Der Detective Superintendent trat näher und betrachtete die Augen nacheinander durch die Lupe. Nadiuska hatte recht. In jedem Augapfel waren deutlich blutunterlaufene Punkte zu erkennen, etwa so groß wie ein Stecknadelkopf. Er trat wieder zurück.
Dann fotografierte Derek Gavin beide Augen mit einer Makrolinse.

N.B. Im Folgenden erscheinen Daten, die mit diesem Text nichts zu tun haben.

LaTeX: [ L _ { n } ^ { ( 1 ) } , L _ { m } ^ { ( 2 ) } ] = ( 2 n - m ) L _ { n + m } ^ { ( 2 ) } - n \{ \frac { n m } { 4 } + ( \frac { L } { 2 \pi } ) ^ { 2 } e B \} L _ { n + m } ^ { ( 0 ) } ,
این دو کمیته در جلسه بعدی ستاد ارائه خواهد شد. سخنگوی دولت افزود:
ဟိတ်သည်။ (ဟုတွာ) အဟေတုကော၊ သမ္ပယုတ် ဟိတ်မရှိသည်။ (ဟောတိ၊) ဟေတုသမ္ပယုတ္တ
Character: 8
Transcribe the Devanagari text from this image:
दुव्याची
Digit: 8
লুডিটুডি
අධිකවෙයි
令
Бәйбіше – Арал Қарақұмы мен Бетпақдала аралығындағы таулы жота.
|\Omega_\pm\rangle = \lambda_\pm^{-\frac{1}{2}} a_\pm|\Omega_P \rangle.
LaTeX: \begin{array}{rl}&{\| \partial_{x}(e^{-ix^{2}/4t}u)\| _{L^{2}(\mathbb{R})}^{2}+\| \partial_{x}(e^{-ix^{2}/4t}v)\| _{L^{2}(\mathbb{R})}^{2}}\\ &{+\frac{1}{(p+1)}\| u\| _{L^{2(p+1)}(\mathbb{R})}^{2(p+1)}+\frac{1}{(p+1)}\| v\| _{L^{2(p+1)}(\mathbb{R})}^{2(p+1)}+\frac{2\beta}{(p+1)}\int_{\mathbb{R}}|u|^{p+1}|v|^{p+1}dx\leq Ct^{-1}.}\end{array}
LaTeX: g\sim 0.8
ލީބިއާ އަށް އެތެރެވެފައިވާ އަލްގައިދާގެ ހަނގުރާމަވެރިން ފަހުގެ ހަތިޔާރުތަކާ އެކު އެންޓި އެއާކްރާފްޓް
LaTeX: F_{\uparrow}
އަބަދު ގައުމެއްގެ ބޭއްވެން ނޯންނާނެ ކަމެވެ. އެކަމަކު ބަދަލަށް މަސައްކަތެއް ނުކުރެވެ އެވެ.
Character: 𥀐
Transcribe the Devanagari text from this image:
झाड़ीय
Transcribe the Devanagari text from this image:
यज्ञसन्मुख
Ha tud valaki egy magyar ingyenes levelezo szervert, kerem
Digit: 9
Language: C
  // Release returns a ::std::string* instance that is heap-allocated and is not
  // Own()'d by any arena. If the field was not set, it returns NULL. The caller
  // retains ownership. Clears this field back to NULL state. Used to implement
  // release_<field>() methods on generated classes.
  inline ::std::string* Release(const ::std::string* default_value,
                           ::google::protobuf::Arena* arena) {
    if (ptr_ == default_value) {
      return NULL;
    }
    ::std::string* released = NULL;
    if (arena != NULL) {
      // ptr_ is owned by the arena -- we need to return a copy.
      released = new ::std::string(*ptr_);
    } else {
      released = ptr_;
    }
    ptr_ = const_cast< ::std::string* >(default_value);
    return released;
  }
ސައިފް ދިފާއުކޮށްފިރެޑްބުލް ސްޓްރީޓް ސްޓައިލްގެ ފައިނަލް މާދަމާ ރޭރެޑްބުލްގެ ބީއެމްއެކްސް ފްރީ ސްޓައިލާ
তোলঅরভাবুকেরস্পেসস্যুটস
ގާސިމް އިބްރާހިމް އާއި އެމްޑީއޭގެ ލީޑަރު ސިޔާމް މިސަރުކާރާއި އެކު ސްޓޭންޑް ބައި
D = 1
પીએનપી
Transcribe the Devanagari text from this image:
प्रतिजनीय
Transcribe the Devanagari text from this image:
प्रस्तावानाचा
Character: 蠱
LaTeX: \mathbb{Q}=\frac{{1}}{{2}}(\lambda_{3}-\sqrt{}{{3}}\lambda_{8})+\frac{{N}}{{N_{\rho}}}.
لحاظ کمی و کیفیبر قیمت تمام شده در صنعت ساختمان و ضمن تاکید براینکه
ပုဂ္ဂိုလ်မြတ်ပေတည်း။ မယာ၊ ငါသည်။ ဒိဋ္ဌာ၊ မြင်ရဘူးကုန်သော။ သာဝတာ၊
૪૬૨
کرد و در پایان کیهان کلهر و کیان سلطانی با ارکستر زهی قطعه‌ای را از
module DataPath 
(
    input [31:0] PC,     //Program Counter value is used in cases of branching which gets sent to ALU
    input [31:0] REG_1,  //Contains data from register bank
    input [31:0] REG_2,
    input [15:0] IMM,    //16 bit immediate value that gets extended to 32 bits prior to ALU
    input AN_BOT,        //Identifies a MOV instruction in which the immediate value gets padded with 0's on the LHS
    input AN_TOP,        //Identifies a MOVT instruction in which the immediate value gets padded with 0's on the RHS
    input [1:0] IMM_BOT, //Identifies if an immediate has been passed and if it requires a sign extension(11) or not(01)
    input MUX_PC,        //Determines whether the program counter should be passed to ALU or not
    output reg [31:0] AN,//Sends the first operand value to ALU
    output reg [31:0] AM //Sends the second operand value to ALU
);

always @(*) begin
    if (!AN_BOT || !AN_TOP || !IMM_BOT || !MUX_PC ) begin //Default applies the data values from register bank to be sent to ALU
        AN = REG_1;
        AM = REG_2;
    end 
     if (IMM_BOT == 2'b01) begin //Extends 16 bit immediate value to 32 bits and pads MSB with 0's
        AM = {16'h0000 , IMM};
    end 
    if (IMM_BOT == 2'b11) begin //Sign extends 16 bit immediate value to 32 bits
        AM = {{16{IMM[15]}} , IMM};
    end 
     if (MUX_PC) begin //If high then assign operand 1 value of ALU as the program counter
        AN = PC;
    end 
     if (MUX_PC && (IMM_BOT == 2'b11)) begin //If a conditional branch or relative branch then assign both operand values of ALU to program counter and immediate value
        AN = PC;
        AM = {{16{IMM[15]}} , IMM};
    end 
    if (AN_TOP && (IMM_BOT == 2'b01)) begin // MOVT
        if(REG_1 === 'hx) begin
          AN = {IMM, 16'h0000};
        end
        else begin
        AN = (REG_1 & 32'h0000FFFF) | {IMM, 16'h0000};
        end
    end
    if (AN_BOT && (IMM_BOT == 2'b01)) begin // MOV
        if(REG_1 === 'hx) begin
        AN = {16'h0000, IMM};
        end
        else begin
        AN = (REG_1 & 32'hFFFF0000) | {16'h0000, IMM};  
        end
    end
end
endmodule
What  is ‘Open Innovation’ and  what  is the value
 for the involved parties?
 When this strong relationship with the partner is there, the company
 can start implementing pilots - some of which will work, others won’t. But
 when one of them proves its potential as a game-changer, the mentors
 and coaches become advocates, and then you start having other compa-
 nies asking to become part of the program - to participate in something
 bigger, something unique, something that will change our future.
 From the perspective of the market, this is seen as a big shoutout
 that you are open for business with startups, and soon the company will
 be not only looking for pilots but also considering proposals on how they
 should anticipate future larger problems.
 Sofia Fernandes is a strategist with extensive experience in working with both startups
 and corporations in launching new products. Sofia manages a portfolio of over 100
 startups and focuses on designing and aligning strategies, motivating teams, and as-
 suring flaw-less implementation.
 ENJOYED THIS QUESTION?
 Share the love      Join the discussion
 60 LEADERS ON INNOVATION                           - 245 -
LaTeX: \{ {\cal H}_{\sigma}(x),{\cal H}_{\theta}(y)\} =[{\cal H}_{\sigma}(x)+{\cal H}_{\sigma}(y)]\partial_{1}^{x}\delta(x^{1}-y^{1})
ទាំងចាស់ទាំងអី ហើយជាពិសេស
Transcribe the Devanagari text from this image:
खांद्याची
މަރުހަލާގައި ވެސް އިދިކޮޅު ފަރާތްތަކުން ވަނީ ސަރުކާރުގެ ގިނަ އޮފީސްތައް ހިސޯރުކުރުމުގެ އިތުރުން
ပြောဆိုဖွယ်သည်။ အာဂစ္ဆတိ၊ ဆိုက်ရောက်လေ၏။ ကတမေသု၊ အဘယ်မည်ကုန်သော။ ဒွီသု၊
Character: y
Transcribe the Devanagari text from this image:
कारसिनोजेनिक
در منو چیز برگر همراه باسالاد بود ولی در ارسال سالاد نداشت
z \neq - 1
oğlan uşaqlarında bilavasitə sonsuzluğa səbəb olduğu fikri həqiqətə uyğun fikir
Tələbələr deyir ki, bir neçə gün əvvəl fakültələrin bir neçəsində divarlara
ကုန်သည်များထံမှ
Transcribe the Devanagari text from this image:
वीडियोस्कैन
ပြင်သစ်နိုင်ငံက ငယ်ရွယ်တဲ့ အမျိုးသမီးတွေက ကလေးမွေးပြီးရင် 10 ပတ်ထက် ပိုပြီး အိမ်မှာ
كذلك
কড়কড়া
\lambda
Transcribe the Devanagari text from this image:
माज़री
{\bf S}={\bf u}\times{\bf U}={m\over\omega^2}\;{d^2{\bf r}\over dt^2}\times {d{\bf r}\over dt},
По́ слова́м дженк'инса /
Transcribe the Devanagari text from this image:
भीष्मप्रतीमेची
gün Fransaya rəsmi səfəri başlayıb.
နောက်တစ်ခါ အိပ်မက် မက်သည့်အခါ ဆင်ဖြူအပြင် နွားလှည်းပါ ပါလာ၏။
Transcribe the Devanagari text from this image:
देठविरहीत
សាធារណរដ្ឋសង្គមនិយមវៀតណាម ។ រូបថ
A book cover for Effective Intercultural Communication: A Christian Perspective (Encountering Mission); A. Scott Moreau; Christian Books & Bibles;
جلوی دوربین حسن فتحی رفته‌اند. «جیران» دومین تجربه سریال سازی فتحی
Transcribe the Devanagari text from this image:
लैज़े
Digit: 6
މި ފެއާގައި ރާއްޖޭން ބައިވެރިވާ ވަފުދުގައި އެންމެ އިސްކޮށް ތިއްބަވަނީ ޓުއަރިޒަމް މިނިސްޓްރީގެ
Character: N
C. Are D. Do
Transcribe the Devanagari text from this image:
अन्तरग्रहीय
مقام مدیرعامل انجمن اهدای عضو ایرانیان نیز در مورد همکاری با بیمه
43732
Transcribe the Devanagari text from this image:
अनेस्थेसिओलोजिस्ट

»Der Druck reichte aus, um die Halsvenen zusammenzudrücken, nicht aber die Arterien«, erklärte Nadiuska mit lauterer Stimme. »Die Blutung ist ein nützlicher Hinweis auf Strangulation oder Ersticken. Seltsam ist nur, dass es keine Kratzer oder blauen Flecken an ihrem Körper gibt. Man sollte meinen, sie hätte Widerstand geleistet. Das wäre jedenfalls normal.«
Genau das hatte Grace auch gedacht. »Also könnte es jemand gewesen sein, den sie kannte? Ein Sexspiel, das außer Kontrolle geriet?«
»Und die Messerwunde?«, warf Glenn Branson skeptisch ein.
»Guter Einwand«, gab Grace zu. Dass ihm so etwas entgehen konnte – vermutlich war er einfach übermüdet.